Spinelli gehört zu den engsten Vertrauten Berlusconis. Er betreut für den Ministerpräsidenten und Geschäftsmann unter anderem zwei private Immobiliengesellschaften sowie auch die Finanz-Holdings, die Berlusconis Fininvest-Konzern kontrollieren.

Kritik trifft nun die Eltern

Unterdessen hat sich die öffentliche Kritik in Italien ein wenig verlagert. Zeitungen machen nun die Eltern minderjähriger Mädchen als Mitschuldige aus, die ihre Töchter teilweise zu Treffen mit dem 74-jährigen Politiker ermutigt haben sollen. Die Zeitung "La Stampa" zitierte einen Vater, der seine Tochter warnte, dass andere Mädchen ihr in Berlusconis Gunst den Rang abgelaufen hätten. Es gebe eine "traurige Armee ehrgeiziger" Eltern, die ein "Symbol für die moralische Epidemie" seien, von der Italien heimgesucht werde.

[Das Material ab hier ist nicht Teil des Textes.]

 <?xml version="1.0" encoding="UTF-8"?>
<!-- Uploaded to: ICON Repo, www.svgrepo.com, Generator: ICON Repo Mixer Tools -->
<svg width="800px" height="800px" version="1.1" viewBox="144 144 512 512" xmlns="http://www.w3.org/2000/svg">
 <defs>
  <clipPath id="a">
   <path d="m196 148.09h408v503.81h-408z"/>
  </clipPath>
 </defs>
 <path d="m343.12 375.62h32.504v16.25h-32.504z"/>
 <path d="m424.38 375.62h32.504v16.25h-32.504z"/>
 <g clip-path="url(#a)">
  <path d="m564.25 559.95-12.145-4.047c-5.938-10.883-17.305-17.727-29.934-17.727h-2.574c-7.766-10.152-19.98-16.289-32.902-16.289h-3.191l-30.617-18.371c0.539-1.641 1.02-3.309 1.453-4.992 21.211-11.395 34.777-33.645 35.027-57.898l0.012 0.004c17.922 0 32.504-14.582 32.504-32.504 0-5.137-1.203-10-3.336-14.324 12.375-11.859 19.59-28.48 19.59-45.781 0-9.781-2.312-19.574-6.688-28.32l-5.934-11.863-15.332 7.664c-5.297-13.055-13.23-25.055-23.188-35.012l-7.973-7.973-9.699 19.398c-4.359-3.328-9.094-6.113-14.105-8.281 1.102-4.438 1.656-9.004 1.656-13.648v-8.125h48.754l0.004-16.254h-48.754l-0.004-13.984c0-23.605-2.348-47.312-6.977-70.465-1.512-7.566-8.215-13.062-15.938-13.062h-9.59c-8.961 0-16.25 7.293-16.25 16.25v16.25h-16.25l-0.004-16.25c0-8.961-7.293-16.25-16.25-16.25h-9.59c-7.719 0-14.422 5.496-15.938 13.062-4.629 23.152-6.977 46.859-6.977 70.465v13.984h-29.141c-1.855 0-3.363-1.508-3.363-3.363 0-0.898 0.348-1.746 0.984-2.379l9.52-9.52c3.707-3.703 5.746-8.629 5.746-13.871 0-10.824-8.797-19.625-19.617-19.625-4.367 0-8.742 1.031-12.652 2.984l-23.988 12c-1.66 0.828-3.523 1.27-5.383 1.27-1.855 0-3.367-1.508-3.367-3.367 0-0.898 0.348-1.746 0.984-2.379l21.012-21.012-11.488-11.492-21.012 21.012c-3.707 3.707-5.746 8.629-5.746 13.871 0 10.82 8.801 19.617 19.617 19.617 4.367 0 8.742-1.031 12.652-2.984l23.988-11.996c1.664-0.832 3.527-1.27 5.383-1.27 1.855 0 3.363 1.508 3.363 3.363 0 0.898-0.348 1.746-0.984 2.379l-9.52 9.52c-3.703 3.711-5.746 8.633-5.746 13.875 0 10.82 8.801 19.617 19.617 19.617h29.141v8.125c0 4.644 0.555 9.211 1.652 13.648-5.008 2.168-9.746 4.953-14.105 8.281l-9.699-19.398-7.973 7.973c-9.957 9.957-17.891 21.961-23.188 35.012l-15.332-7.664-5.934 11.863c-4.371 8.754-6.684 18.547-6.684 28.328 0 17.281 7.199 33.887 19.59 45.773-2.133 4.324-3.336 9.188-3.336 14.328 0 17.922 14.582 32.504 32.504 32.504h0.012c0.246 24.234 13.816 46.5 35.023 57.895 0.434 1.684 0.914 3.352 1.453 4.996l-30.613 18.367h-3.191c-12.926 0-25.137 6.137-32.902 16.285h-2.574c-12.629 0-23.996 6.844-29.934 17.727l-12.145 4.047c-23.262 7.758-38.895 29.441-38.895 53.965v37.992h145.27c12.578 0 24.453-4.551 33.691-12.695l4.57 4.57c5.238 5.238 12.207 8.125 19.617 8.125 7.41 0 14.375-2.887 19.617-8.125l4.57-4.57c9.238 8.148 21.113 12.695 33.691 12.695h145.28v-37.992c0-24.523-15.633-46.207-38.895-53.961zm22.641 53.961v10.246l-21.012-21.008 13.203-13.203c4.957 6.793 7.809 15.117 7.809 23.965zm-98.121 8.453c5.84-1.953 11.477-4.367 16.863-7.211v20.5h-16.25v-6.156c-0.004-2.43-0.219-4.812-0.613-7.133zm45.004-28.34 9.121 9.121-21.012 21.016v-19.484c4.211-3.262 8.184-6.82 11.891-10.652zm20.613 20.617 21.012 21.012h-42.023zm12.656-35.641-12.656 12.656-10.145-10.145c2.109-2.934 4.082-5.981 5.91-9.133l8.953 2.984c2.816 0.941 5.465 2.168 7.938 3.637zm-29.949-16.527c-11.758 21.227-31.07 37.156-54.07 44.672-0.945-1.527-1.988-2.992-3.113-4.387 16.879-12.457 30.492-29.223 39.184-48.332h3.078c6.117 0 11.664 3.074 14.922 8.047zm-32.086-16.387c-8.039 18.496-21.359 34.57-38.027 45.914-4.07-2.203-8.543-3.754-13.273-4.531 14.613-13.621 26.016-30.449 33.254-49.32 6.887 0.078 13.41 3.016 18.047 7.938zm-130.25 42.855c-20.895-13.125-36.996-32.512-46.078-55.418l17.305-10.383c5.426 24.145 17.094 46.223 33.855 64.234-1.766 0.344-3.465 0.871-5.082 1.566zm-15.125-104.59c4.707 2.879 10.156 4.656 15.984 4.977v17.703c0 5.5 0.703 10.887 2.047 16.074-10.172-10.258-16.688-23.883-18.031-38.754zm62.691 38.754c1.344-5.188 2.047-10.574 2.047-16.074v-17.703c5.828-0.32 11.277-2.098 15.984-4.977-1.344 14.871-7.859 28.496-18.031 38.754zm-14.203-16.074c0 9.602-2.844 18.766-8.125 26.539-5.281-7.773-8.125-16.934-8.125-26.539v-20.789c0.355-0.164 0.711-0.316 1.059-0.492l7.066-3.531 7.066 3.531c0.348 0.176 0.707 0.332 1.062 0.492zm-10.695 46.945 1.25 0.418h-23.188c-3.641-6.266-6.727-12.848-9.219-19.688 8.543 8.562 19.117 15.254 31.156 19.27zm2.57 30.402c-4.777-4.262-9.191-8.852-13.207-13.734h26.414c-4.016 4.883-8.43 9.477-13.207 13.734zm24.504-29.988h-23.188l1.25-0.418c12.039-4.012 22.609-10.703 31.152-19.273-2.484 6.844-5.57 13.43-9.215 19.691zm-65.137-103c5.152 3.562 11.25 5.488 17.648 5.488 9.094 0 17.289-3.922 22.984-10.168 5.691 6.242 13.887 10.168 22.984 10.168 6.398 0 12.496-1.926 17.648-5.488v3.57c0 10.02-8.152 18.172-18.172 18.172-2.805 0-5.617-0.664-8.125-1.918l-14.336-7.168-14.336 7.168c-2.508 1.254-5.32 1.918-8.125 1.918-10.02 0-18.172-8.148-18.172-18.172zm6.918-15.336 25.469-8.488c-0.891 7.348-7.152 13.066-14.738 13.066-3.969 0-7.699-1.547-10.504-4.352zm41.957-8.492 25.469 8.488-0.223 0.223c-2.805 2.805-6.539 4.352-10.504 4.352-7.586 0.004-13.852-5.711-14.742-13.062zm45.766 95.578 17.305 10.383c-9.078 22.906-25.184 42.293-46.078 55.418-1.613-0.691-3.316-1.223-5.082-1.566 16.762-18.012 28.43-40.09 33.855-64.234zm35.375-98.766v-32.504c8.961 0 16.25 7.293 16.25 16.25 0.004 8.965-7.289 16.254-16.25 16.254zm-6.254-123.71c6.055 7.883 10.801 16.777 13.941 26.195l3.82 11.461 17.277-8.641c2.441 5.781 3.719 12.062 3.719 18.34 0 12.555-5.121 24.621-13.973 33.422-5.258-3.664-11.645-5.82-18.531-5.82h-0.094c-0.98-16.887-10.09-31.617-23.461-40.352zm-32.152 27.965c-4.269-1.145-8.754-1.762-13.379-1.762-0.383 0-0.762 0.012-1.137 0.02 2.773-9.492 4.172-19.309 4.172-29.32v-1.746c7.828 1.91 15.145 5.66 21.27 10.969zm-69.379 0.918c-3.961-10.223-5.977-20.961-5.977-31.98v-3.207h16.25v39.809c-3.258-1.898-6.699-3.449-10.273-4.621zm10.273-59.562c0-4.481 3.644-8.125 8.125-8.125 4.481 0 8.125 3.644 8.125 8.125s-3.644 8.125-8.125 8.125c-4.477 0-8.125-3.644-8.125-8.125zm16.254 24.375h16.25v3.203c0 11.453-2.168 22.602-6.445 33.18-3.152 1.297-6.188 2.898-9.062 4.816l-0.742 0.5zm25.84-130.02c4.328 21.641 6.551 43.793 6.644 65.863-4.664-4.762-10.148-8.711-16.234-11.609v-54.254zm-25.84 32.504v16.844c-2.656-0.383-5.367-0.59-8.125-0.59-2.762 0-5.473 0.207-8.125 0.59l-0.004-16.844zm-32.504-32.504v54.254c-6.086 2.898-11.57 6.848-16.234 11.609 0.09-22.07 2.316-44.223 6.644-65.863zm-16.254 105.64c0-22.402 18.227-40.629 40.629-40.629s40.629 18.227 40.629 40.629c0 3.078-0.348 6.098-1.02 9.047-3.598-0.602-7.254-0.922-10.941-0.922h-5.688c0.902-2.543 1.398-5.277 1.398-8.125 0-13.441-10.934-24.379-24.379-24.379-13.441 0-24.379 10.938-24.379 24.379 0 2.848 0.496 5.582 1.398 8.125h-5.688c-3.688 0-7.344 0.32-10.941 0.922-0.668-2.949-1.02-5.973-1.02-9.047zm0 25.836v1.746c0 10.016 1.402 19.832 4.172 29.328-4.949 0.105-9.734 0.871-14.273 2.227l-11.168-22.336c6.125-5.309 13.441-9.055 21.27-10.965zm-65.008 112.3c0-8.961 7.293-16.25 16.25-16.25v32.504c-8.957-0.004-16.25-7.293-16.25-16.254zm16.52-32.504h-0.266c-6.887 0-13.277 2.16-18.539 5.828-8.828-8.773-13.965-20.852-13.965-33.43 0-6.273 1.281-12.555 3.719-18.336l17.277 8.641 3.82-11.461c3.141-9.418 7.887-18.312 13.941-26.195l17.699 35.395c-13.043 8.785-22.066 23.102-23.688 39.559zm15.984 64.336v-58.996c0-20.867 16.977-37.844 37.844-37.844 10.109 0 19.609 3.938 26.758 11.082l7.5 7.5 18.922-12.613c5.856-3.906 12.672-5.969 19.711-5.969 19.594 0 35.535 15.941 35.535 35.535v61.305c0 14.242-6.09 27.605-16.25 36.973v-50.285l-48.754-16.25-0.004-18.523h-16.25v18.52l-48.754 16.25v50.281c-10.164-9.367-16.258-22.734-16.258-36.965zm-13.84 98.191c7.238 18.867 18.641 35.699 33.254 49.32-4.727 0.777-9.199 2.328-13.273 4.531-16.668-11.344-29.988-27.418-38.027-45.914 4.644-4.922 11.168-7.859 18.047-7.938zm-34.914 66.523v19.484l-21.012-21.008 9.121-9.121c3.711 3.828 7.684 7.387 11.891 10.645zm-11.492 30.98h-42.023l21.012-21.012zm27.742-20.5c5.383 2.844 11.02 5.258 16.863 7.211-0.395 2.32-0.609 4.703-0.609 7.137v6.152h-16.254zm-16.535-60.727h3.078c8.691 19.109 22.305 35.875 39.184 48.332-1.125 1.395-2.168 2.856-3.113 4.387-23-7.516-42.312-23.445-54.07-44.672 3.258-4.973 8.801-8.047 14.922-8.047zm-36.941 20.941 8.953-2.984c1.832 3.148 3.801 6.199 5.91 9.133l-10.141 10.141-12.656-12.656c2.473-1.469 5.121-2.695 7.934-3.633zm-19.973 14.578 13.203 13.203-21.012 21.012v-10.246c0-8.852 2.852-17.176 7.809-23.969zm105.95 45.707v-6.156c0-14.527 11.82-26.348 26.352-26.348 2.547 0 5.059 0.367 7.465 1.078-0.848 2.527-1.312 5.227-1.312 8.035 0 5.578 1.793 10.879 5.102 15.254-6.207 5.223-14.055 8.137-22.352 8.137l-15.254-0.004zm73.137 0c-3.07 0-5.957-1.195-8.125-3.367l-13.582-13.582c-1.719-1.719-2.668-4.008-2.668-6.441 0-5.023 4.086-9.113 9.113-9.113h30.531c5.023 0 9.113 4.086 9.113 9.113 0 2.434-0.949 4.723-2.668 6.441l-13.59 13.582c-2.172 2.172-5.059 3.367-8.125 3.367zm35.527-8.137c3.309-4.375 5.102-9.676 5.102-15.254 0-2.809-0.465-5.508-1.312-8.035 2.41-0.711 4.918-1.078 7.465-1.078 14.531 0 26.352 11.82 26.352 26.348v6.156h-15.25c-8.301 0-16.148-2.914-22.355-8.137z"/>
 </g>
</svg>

Die "Corriere della Sera", Italiens meist gelesene Zeitung, sprach von Eltern, die "nicht im mindesten handeln, um die Tugend und den guten Namen des Mädchens im Hause zu schützen". Das Blatt zitierte einen Bruder der Mädchen, die an einer Party in Berlusconis Villa in Arcore teilgenommen haben sollen: Berlusconi könne "viele unserer Probleme lösen, für Mama, Dich und mich."

Laut "Corriere della Sera" lesen sich die Unterlagen der Justiz zu dem Sexskandal wie "eine soziologische Abhandlung, die die italienische Familie gefangen zwischen Ehrgeiz und Verzweiflung beschreibt". Die Zeitung "La Repubblica" schrieb, die frühere Miss-Italien-Kandidatin Iris Berardi sei aufgenommen worden, als sie ihrer Mutter erzählte, sie habe nach einem Abend in Berlusconis Villa 7000 Euro erhalten.